[Opening Extracted material section]
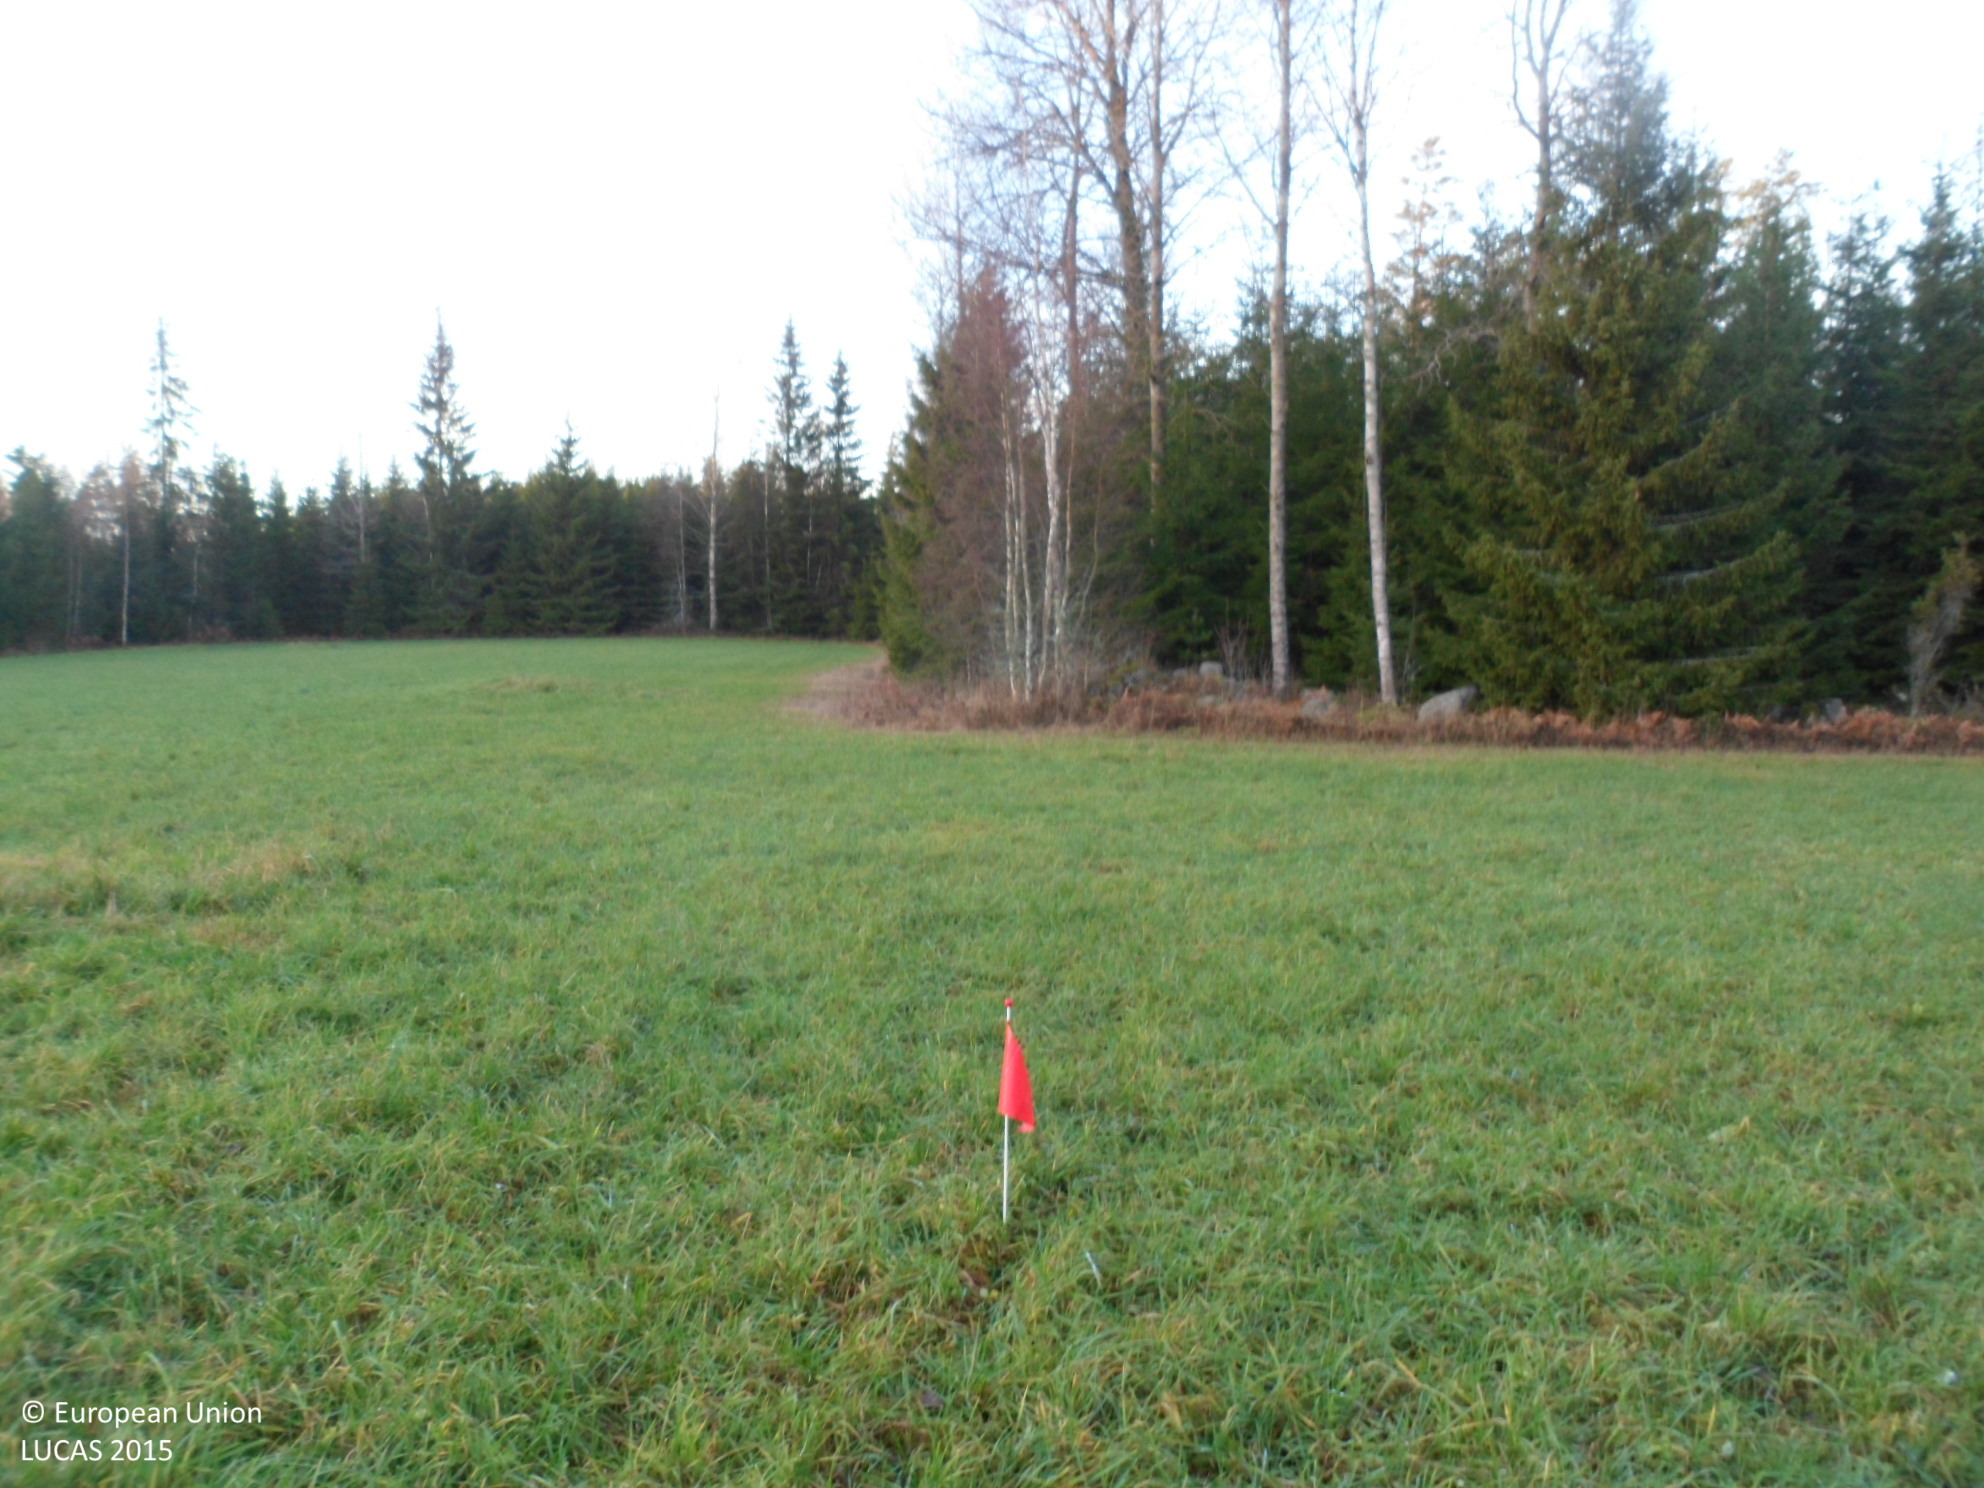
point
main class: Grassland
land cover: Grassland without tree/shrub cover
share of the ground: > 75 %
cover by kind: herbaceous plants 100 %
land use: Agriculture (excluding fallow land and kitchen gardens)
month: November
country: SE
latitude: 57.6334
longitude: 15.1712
[Closing Extracted material section]
What is being asked> The answer must be the line containing "land cover: Grassland" and every line after it to the end of the data, exactly as written.

Result of the exercise>
land cover: Grassland without tree/shrub cover
share of the ground: > 75 %
cover by kind: herbaceous plants 100 %
land use: Agriculture (excluding fallow land and kitchen gardens)
month: November
country: SE
latitude: 57.6334
longitude: 15.1712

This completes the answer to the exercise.